(Items from a data source)
-- -- --

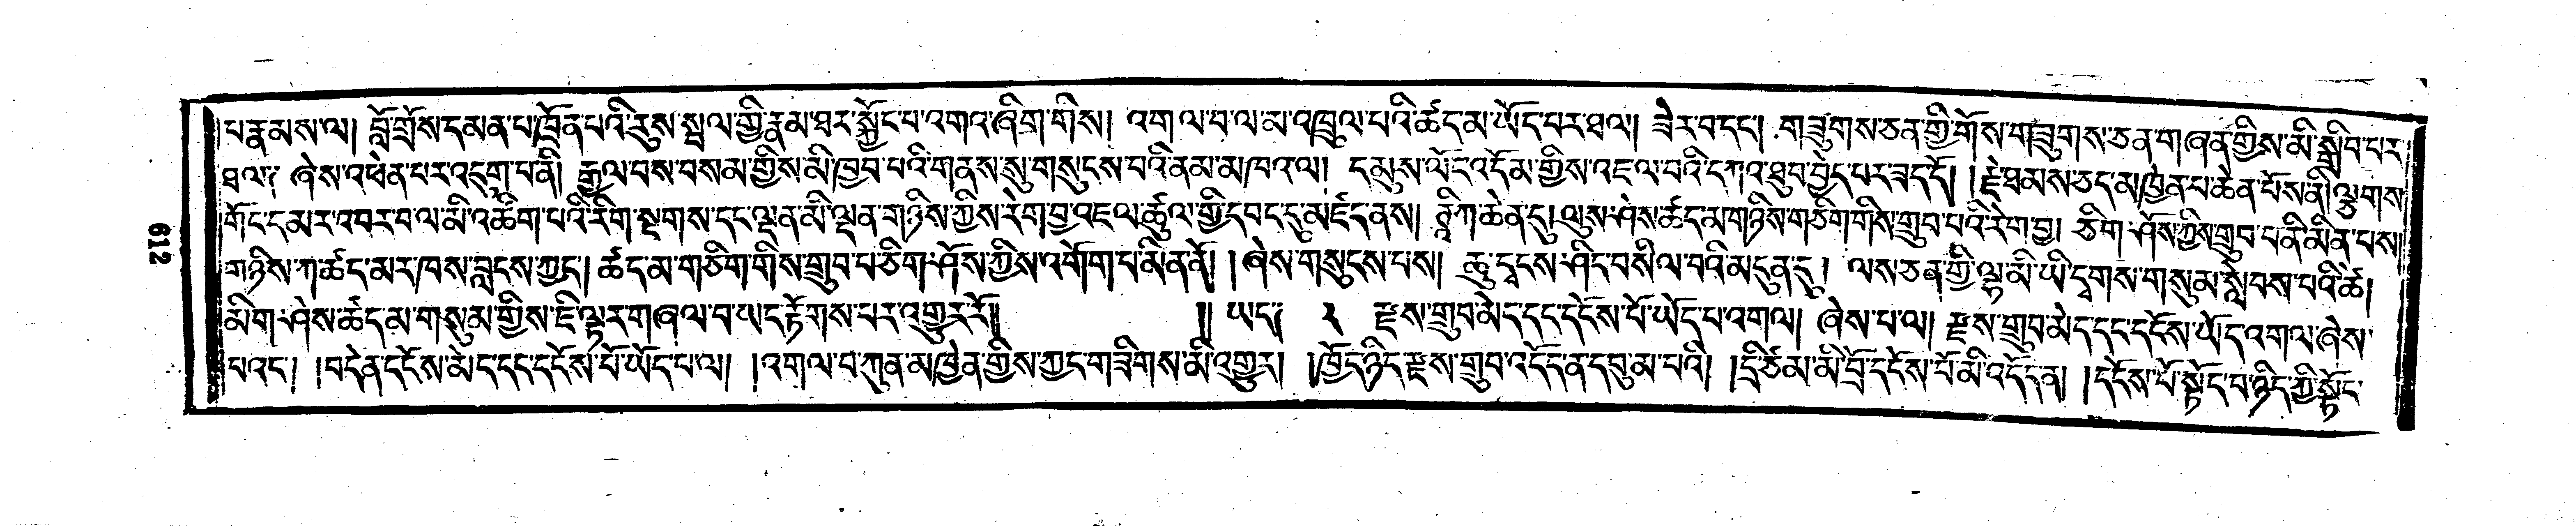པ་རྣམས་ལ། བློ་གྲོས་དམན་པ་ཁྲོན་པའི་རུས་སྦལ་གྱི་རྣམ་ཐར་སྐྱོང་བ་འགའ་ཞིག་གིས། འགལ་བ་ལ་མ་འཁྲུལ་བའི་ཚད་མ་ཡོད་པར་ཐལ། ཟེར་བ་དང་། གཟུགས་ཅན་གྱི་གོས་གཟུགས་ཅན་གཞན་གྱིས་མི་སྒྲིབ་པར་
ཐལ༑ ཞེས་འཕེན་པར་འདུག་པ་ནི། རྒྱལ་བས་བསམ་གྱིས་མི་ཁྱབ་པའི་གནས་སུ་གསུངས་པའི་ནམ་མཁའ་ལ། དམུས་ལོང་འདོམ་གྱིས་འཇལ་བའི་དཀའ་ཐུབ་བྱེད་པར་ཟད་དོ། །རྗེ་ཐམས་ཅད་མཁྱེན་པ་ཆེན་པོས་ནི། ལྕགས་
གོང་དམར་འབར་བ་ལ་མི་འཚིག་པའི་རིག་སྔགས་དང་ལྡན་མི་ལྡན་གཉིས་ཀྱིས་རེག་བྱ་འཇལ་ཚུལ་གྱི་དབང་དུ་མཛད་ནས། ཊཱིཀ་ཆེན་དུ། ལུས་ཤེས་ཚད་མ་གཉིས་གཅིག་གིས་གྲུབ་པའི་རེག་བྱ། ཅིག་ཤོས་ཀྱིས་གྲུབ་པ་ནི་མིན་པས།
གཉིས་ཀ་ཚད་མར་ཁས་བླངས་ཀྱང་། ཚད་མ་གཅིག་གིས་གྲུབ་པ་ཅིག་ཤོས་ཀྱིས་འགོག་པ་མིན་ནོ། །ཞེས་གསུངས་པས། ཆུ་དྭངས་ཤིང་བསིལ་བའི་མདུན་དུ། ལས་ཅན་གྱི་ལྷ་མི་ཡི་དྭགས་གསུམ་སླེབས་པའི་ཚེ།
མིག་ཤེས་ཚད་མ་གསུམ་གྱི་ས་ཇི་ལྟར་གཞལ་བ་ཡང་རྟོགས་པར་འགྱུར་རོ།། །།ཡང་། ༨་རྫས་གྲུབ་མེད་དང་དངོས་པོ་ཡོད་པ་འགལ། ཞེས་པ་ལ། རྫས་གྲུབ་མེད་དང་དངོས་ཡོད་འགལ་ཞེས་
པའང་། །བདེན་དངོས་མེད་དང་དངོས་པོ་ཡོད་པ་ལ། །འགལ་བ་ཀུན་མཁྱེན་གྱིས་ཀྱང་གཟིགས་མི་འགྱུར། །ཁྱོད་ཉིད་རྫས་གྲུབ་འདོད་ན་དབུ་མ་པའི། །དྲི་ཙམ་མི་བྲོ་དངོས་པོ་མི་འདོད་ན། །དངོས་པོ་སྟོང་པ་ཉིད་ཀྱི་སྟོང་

-- -- --

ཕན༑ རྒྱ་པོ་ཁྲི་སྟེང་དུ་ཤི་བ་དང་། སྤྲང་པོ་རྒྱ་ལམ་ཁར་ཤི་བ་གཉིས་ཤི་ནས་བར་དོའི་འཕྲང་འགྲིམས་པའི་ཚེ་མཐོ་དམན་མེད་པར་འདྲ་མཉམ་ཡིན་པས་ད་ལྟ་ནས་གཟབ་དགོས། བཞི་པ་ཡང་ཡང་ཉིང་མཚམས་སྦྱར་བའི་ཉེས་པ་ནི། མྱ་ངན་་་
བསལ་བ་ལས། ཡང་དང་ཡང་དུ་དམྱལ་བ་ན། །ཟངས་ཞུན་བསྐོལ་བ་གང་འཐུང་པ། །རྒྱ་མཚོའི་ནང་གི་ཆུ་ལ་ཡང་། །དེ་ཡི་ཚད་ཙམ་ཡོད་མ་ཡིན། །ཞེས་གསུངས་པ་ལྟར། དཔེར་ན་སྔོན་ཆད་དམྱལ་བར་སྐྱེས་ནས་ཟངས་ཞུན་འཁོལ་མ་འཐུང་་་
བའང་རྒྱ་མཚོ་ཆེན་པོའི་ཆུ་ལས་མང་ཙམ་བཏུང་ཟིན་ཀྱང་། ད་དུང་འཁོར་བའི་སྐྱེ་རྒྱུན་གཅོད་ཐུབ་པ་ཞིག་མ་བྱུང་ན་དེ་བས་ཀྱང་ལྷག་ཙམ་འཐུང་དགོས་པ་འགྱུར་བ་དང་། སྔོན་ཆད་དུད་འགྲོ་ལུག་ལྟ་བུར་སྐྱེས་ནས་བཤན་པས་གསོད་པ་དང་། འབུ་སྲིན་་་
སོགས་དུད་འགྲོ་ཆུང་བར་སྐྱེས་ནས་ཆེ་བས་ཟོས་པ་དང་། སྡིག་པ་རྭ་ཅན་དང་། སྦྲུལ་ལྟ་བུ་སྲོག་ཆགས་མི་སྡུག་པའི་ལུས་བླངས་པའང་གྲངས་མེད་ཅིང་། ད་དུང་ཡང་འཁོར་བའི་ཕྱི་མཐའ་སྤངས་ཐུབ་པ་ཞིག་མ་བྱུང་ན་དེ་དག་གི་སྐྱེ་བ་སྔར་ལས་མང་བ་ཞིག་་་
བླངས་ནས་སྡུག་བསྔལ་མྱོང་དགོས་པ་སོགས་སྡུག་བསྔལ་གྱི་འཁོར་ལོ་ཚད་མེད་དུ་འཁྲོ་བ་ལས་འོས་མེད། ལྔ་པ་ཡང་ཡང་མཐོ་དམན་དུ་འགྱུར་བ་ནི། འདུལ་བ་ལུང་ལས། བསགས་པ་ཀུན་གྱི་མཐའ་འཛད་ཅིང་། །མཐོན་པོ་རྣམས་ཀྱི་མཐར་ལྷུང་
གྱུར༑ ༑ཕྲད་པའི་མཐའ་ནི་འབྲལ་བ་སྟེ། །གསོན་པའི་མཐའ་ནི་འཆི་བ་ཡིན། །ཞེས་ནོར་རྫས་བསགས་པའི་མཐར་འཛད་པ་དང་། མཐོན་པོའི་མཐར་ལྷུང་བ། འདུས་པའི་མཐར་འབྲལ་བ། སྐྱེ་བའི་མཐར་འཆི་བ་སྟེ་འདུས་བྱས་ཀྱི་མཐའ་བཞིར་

-- -- --

In the data above, which lines have "བསགས"? Report each of them.

བླངས་ནས་སྡུག་བསྔལ་མྱོང་དགོས་པ་སོགས་སྡུག་བསྔལ་གྱི་འཁོར་ལོ་ཚད་མེད་དུ་འཁྲོ་བ་ལས་འོས་མེད། ལྔ་པ་ཡང་ཡང་མཐོ་དམན་དུ་འགྱུར་བ་ནི། འདུལ་བ་ལུང་ལས། བསགས་པ་ཀུན་གྱི་མཐའ་འཛད་ཅིང་། །མཐོན་པོ་རྣམས་ཀྱི་མཐར་ལྷུང་
གྱུར༑ ༑ཕྲད་པའི་མཐའ་ནི་འབྲལ་བ་སྟེ། །གསོན་པའི་མཐའ་ནི་འཆི་བ་ཡིན། །ཞེས་ནོར་རྫས་བསགས་པའི་མཐར་འཛད་པ་དང་། མཐོན་པོའི་མཐར་ལྷུང་བ། འདུས་པའི་མཐར་འབྲལ་བ། སྐྱེ་བའི་མཐར་འཆི་བ་སྟེ་འདུས་བྱས་ཀྱི་མཐའ་བཞིར་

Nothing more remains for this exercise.